Metropolia LibGuides: Data management for thesis: Data Description and Documentation

Data description for the Thesis

The documentation and description of research data in a thesis often refer to the same concept, which involves describing how the research data was produced, what it contains, and how it has been processed.

Metadata or descriptive information refers to data about data, usually in a standardized format, regarding the research data. These terms are closely related and sometimes used interchangeably. However, for the purpose of a thesis, what matters more than the differences between these concepts is the intention behind documentation and metadata, and what they aim to achieve.

Why is data described or documented?

Without sufficient detailed information about the context, research data are often useless. Let's consider, for example, measurement results stored in an Excel spreadsheet. If there is no information about what was measured, with what instruments, and on what scale, the data becomes mere numbers in a table, making it impossible to understand and interpret. Description brings forth this contextual information.

Therefore, describing data is an essential part of responsible data management because without it, the data can be difficult or even impossible to interpret.

Think in advance about the information that needs to be recorded for each dataset (e.g., interview data or measurement dataset) to make the data understandable. It is important that the data remains comprehensible even after a long period of time or when examined by someone other than yourself. The possibility of misinterpretation makes the data unreliable as it affects the results obtained from it.

The thesis supervisor should also be able to understand the research data.

Description and documentation is also significant for result verification and research reproducibility. It helps confirm that the results of the thesis are reliable and could potentially be replicated if necessary.

Sufficient descriptive information and documentation is particularly important if you are interested in making the data open access or using it for further purposes after completing the thesis.

How should research data be described?

Description is always specific to the dataset, as its purpose is to make the data understandable and correctly interpreted. The following levels of description are examples of the information that should be recorded.

Thesis-level description

Thesis-level description refers to basic information about the research conducted in the thesis, such as:

The purpose for which the data was collected.
The method used to collect the data.
How the data collection was carried out (who, where from, when, and with what tools).
Access and usage conditions for the data (if provided, such as through a Creative Commons license).

File-level description

File-level description refers to the description of individual files, marking down their characteristics. Its purpose is to facilitate finding the correct information and maintain file integrity. If there are only a few separate files, file-level description may not be necessary in a thesis. Examples of file-level description information include:

File format
File size
File name
Relationship between files, such as different versions
How the files are organized into different folders
How the folders are organized and named

Variable-level description

Variable-level description refers to the description of variables in the dataset.
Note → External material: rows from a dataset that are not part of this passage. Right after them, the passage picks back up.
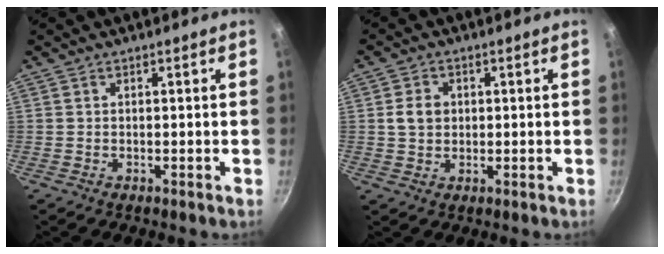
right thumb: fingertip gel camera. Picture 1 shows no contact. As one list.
[{"total": 4.3, "force": [0.6, 3.5, 2.5], "torque": [-0.031, 0.004, 0.007]}]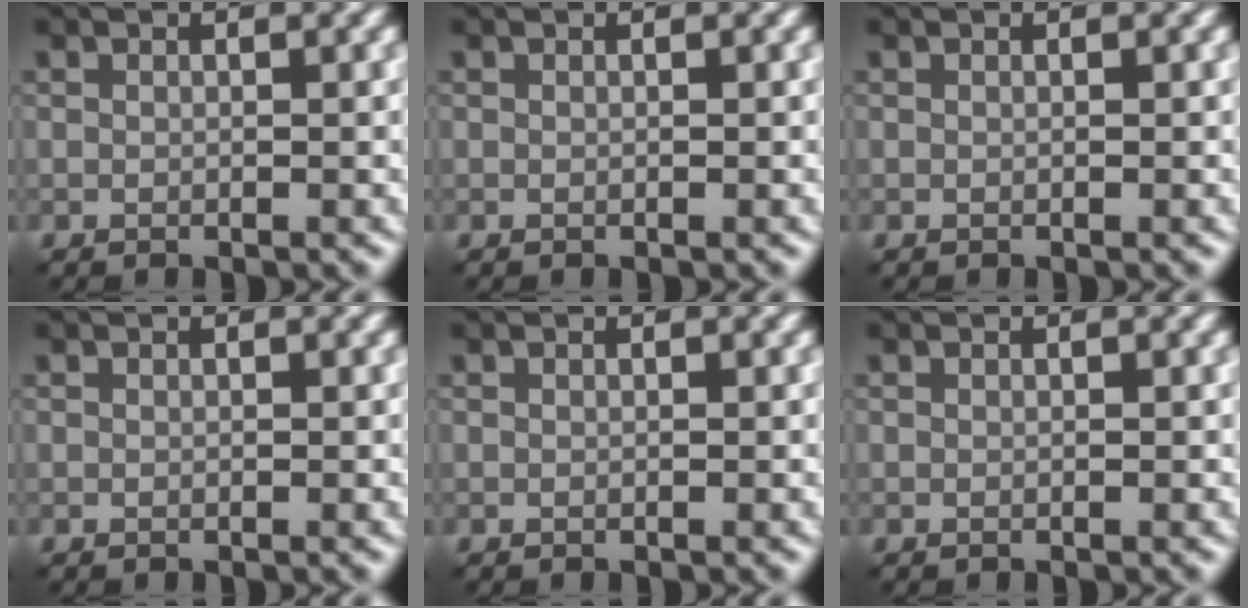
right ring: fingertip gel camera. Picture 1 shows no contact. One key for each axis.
{"total": 0.0}
{"total": 0.0}
{"total": 0.0}
{"total": 0.0}
{"total": 0.0}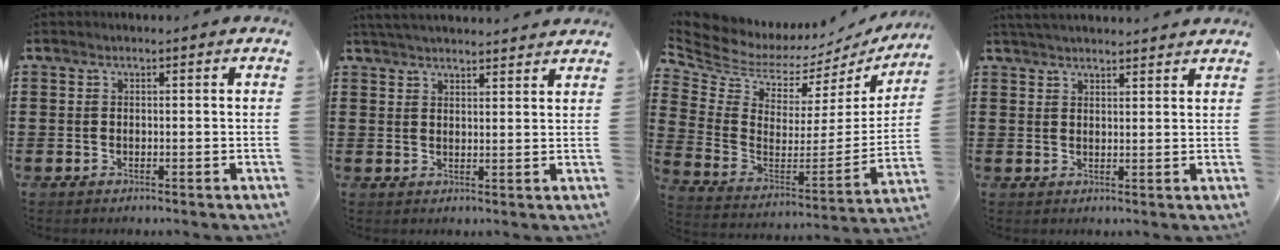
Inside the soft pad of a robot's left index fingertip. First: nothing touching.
{"total": 3.3, "force": [3.3, -0.1, 0.6], "torque": [-0.021, -0.006, 0.061]}
{"total": 4.7, "force": [4.0, 2.1, 1.2], "torque": [-0.058, -0.051, 0.065]}
{"total": 2.9, "force": [2.9, -0.1, 0.5], "torque": [-0.017, -0.004, 0.055]}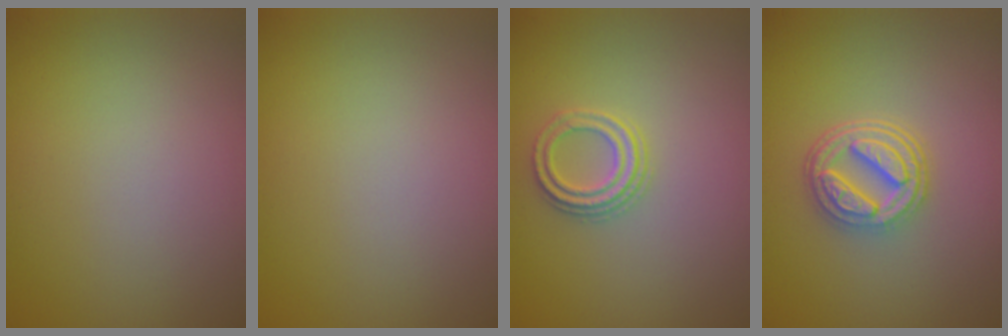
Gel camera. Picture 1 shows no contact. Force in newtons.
{"total": 0.0}
{"total": 2.3, "press": 2.2, "slide": 0.8}
{"total": 4.8, "press": 3.8, "slide": 3.1}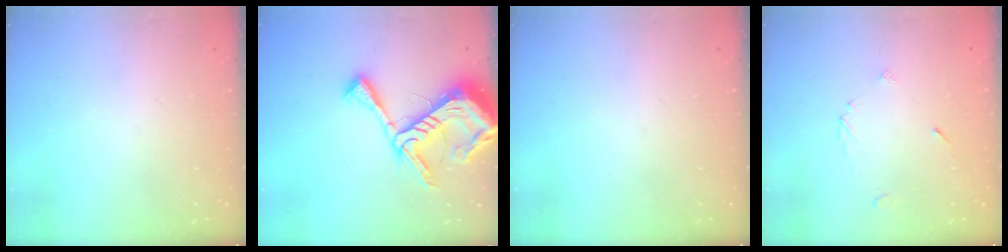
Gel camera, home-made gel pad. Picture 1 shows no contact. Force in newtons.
{"total": 18.3, "press": 18.3, "slide": 1.8}
{"total": 0.0}
{"total": 2.6, "press": 2.6, "slide": 0.2}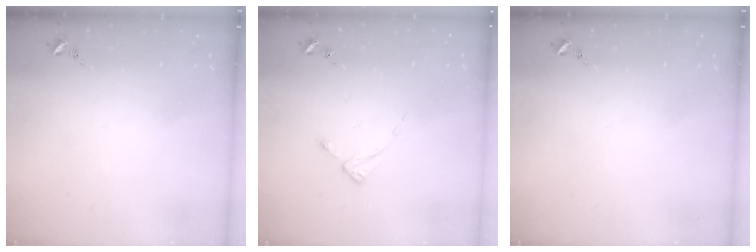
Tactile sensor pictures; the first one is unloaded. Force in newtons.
{"total": 2.5, "press": 2.5, "slide": 0.3}
{"total": 0.0}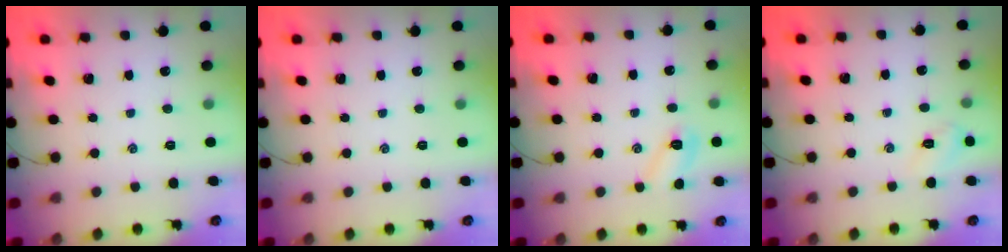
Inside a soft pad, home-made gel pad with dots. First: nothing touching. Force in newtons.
{"total": 0.0}
{"total": 4.8, "press": 4.7, "slide": 1.2}
{"total": 6.0, "press": 5.8, "slide": 1.6}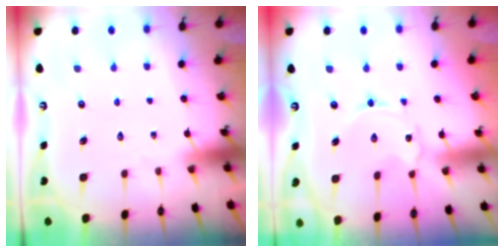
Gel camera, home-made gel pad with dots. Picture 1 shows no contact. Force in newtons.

In addition to a list of variables and the measurement scale, it is also good to note any used notations, abbreviations, and codes.

To ensure the reliability and integrity of the data, it is also important to document how the data has been processed and modified.

Contextual information and paradata

In addition to the above, contextual information or paradata can also be recorded if they are relevant to the dataset.

Contextual information refers to data about external conditions that prevailed during data collection and could potentially affect the data. These may include societal events, natural disasters, or accidents.

Paradata, on the other hand, is empirical data about the data collection process itself. For example, it could include the duration of different parts of an interview, response delays, or visual observations made by the interviewer during the interview situation.

Where are the description data and documentation stored?

There are several options for storing description data. For example:

Separate text file: Create a separate text file named "Readme" and store it alongside the data. Multiple Readme files can be created if needed.
Within the actual data file: For example, in an Excel spreadsheet, you can include variable descriptions on a separate worksheet or include participant background information and date at the beginning of an interview transcript.
Excel spreadsheet or database: These options are often more suitable for larger datasets compared to Readme files.
Digital research diary: You can use a digital research diary to record and store description data along with other research notes and documentation.